School of Public Health, Lanzhou University, Gansu, China.
Gansu Provincial Center for Disease Control and Prevention, Gansu, China.
Environ Sci Pollut Res Int. 2023 Jan;30(4):9962-9973. doi: 10.1007/s11356-022-22831-1. Epub 2022 Sep 6.
This paper aims to study the cumulative lag effect of meteorological factors on brucellosis incidence and the prediction performance based on Random Forest model. The monthly number of brucellosis cases and meteorological data from 2015 to 2019 in Yongchang of Gansu Province, northwest China, were used to build distributed lag nonlinear model (DLNM). The number of brucellosis cases of lag 1 month and meteorological data from 2015 to 2018 were used to build RF model to predict the brucellosis incidence in 2019. Meanwhile, SARIMA model was established to compare the prediction performance with RF model according to R and RMSE. The results indicated that the population had a high incidence risk at temperature between 5 and 13 °C and lag between 0 and 18 days, sunshine duration between 225 and 260 h and lag between 0 and 1 month, and atmosphere pressure between 789 and 793.5 hPa and lag between 0 and 18 days. The R and RMSE of train set and test set in RF model were 0.903, 1.609, 0.824, and 2.657, respectively, and the R and RMSE in SARIMA model were 0.530 and 7.008. This study found significant nonlinear and lag associations between meteorological factors and brucellosis incidence. The prediction performance of RF model was more accurate and practical compared with SARIMA model.

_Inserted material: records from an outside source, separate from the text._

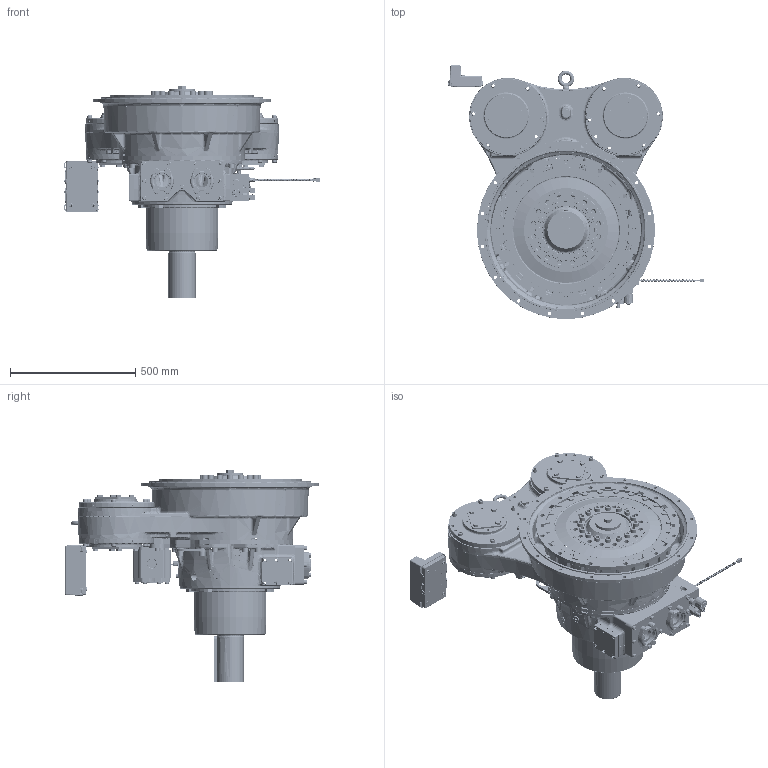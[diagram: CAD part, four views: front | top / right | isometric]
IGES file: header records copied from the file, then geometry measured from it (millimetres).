
Start section: SolidWorks IGES file using analytic representation for surfaces
Global section: file name: 1027950K.igs; native system: SolidWorks 2019; preprocessor: SolidWorks 2019; author: PDMBatchService; date: 210626.022845; units: millimetre
Bounding box: 1020.31 x 1015.44 x 848.86 mm (x, y, z)
Surface area: 4763464.2 mm2 (no closed solid volume)
Topology: 0 solids, 0 shells, 6775 faces, 142344 edges, 142178 vertices
Faces by surface type: bspline 4232, revolution 2543

本研究旨在探讨气象因素对布鲁氏菌病发病率的累积滞后效应及其基于随机森林模型的预测性能。采用中国西北甘肃省永昌县 2015-2019 年月布鲁氏菌病发病数据和气象资料,构建分布滞后非线性模型(DLNM)。采用 2015-2018 年月布鲁氏菌病发病数和气象资料,建立 RF 模型,预测 2019 年布鲁氏菌病发病情况。同时,根据 R 和 RMSE 值,建立 SARIMA 模型与 RF 模型进行预测性能比较。结果表明,在温度为 5-13°C、滞后时间为 0-18 天,日照时间为 225-260h、滞后时间为 0-1 个月,大气压为 789-793.5hPa、滞后时间为 0-18 天时,人群布鲁氏菌病发病风险较高。RF 模型的训练集和测试集的 R 和 RMSE 值分别为 0.903、1.609、0.824 和 2.657,SARIMA 模型的 R 和 RMSE 值分别为 0.530 和 7.008。本研究发现气象因素与布鲁氏菌病发病率之间存在显著的非线性和滞后关系。与 SARIMA 模型相比,RF 模型的预测性能更为准确和实用。